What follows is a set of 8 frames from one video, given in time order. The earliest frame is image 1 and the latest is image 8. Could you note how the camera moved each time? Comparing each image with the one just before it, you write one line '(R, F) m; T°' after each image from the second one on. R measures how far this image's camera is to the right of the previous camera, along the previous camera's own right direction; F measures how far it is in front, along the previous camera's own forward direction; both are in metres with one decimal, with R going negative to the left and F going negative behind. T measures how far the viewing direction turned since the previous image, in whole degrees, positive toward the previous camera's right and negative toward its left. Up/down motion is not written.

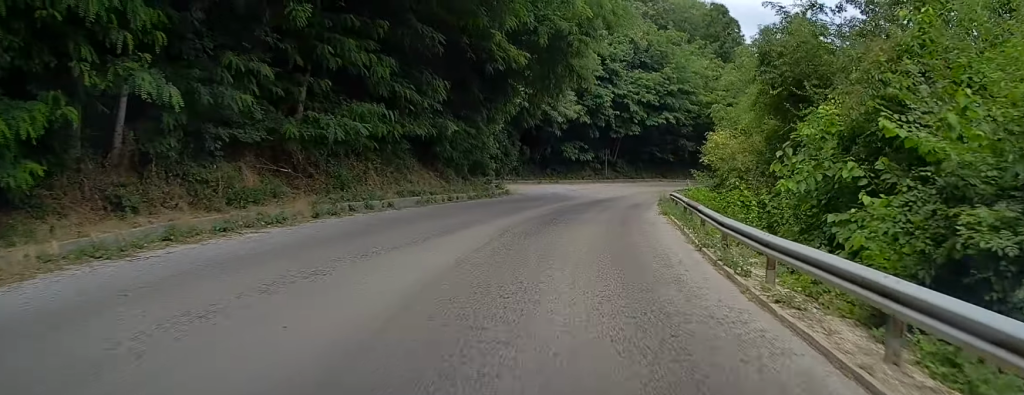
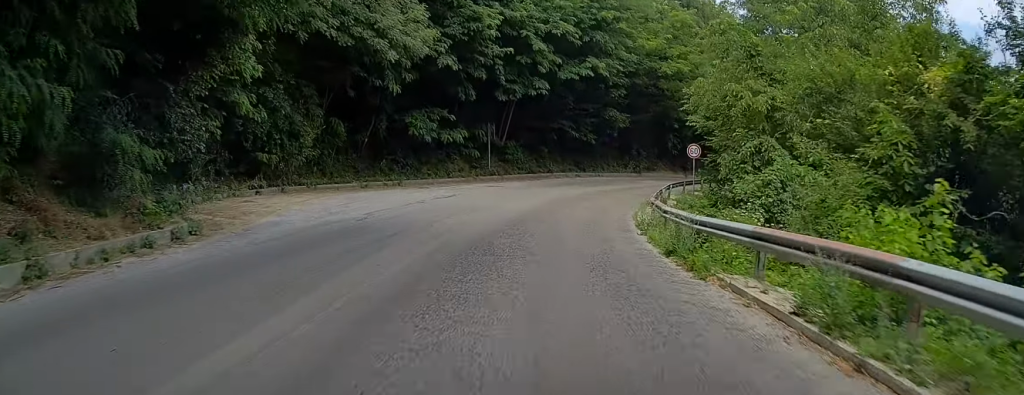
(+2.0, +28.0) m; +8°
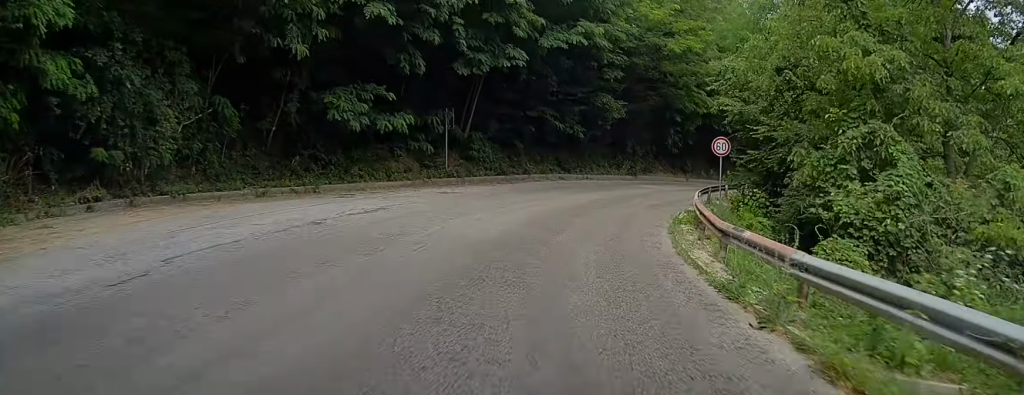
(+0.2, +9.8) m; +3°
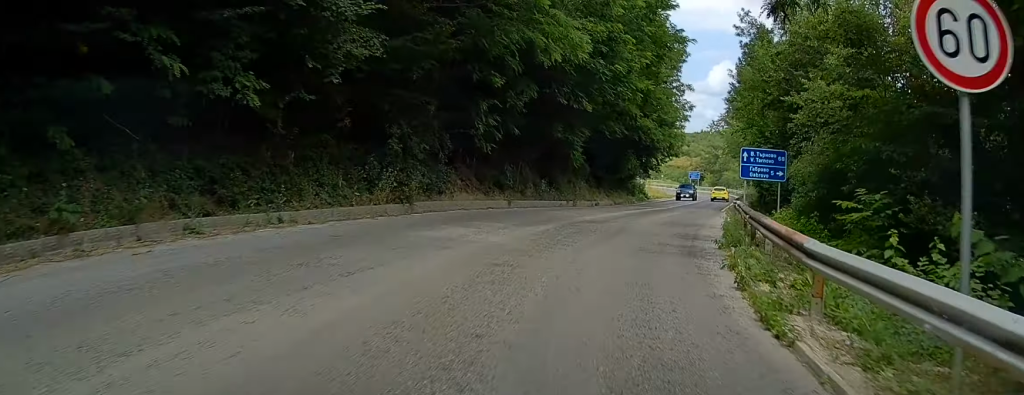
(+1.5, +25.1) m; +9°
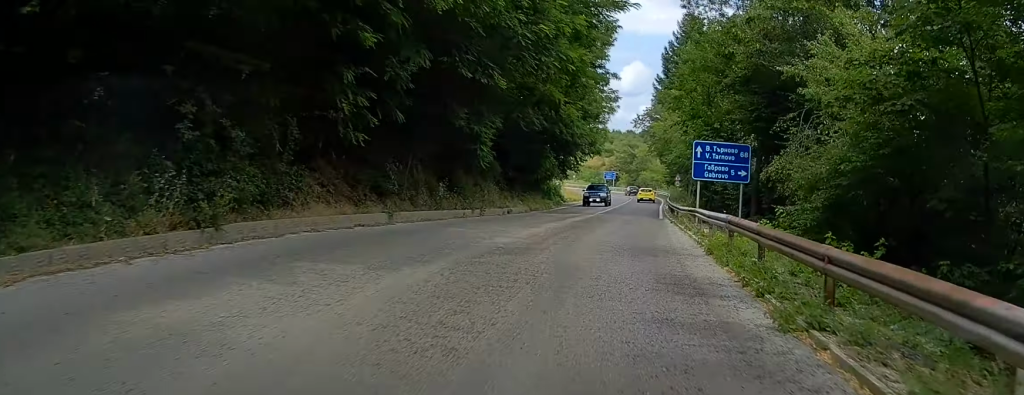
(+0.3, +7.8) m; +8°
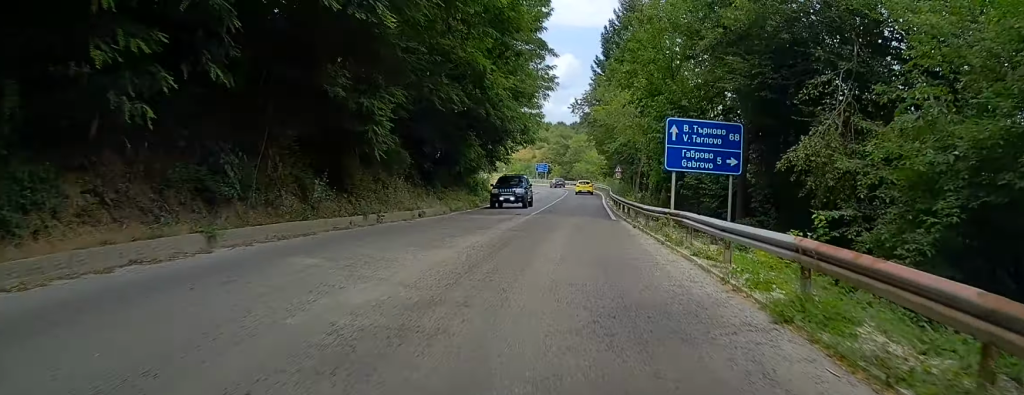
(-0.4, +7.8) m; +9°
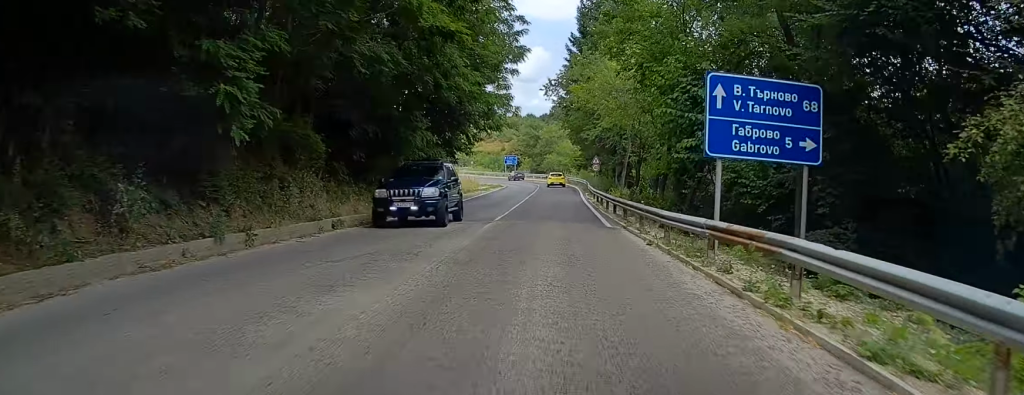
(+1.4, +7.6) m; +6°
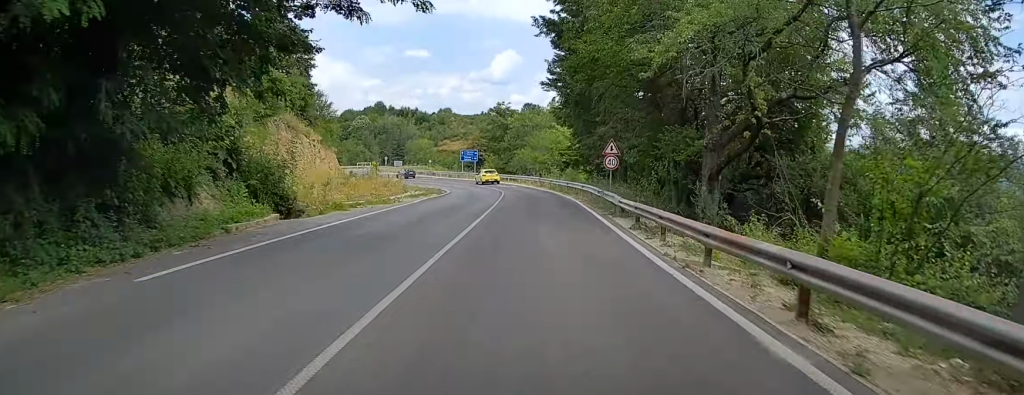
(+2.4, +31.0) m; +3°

EXERCISE INSTRUCTIONS: Could the entries above be returned verbatim, with no pictures included?

WRITTEN REPLY:
What follows is a set of 8 frames from one video, given in time order. The earliest frame is image 1 and the latest is image 8. Could you note how the camera moved each time? Comparing each image with the one just before it, you write one line '(R, F) m; T°' after each image from the second one on. R measures how far this image's camera is to the right of the previous camera, along the previous camera's own right direction; F measures how far it is in front, along the previous camera's own forward direction; both are in metres with one decimal, with R going negative to the left and F going negative behind. T measures how far the viewing direction turned since the previous image, in whole degrees, positive toward the previous camera's right and negative toward its left. Up/down motion is not written.

(+2.0, +28.0) m; +8°
(+0.2, +9.8) m; +3°
(+1.5, +25.1) m; +9°
(+0.3, +7.8) m; +8°
(-0.4, +7.8) m; +9°
(+1.4, +7.6) m; +6°
(+2.4, +31.0) m; +3°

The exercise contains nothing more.